Did you see it? Fireball flashes across the Prairie sky

A fireball buzzed over the Prairies on Monday, temporarily piercing the dark of the early morning sky with a flash of blinding blue light. 

The Monday morning meteor lit up the night sky and social media

Lea Storry was in her home office in downtown Edmonton when she saw the flash of light streak across the sky Monday morning. (Lea Storry/Twitter)

A fireball buzzed over the Prairies on Monday, temporarily piercing the dark of the early morning sky with a flash of blinding blue light. 

The meteor darted across the sky around 6:30 a.m. MT, startling early risers who were lucky to catch a glimpse of the sudden glow.

The light was captured by security cameras across Edmonton, and social media soon lit up with reports from observers who caught a glimpse of it. 

The spectacle was seen in at least two provinces, with scattered reports from Jasper to Saskatoon.

As of 8:30 a.m., there were 42 unverified reports of fireball sightings on the American Meteor Society (AMS) website. 

Fireball flashes across the Prairie sky

2 years ago
Duration 0:48
A fireball buzzed over the Prairies on Monday, temporarily piercing the dark of the early morning sky with a flash of blinding blue light.

'That's a falling star'

One observer who filed a report described the fireball as a bright flash of white "brighter than when a car turns its light to you in the dark." 

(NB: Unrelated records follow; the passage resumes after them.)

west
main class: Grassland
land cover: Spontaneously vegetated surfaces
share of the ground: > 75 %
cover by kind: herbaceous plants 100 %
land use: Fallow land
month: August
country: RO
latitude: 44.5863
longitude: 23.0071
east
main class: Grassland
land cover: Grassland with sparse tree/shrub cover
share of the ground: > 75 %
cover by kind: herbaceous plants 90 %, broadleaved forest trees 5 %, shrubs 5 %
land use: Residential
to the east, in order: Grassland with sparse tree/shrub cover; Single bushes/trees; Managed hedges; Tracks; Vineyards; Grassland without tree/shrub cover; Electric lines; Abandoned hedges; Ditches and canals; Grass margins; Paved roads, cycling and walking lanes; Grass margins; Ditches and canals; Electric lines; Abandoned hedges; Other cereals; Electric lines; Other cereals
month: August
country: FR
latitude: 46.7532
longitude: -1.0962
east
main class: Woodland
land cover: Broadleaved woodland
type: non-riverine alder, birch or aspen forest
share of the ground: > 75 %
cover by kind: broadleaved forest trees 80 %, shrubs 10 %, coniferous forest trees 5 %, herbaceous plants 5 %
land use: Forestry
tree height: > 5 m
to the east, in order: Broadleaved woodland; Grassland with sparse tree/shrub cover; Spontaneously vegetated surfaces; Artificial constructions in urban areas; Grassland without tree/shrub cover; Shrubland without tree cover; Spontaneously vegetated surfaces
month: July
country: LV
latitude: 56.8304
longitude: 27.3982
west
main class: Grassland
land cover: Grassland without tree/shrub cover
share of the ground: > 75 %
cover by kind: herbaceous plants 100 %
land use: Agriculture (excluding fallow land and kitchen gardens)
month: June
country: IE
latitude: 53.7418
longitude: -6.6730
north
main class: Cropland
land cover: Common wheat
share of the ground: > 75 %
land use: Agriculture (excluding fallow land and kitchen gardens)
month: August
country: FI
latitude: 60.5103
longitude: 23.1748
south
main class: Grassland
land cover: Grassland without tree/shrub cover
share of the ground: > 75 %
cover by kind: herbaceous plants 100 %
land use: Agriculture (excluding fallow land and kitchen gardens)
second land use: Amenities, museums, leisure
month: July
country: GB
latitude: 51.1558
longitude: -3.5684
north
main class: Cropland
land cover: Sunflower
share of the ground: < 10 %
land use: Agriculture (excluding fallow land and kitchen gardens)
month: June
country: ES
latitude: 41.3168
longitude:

Another reporter said the fireball emitted a light blue glow before turning orange, leaving behind a trailing smoke line of dark grey. 

Lea Storry, an Edmonton-based writer, was sitting near the window of her home office in downtown Edmonton when she saw the flash. She captured the spectacle on her security camera. 

"I live in a 13-storey condo building and it seemed like somebody was shining a bright red light in my eye," Storry said. 

"I was like, 'Who? Who was doing that? How could they be doing that?' " 

At first, she thought it was a police helicopter flying by, but then she saw the fireball.

"I thought, 'That's cool. I think that's a falling star,' " she said. 

"I've seen a couple of falling stars, but nothing ever that close and not so clear. So it's definitely a first." 

Meteor may have made ground fall

Frank Florian — an astronomer and senior manager of the planetarium and space sciences at the Telus World of Science — was still in bed when the meteor fell but has seen numerous videos posted to social media. 

He said the streak of light was created by an object as it entered Earth's atmosphere.

"Some people call a falling star a shooting star, but when they get really, really bright — brighter than, say, the planet Venus does in our morning or evening sky, we call it a fireball," Florian said. 

"Basically, there's a larger piece of material falling through the Earth's atmosphere and, at times, that material can basically burn up a little bit.

"Sometimes there might be pieces of it scattered somewhere around the countryside somewhere. If that's the case, we can go out there and try to find some pieces of this rock, which we call a meteorite." 

Florian said astronomers will be poring over observer reports of the meteor to determine if any debris fell to Earth. Some of the reports indicate that the flash did make a sound and he said that's a good indication it could have made ground fall. 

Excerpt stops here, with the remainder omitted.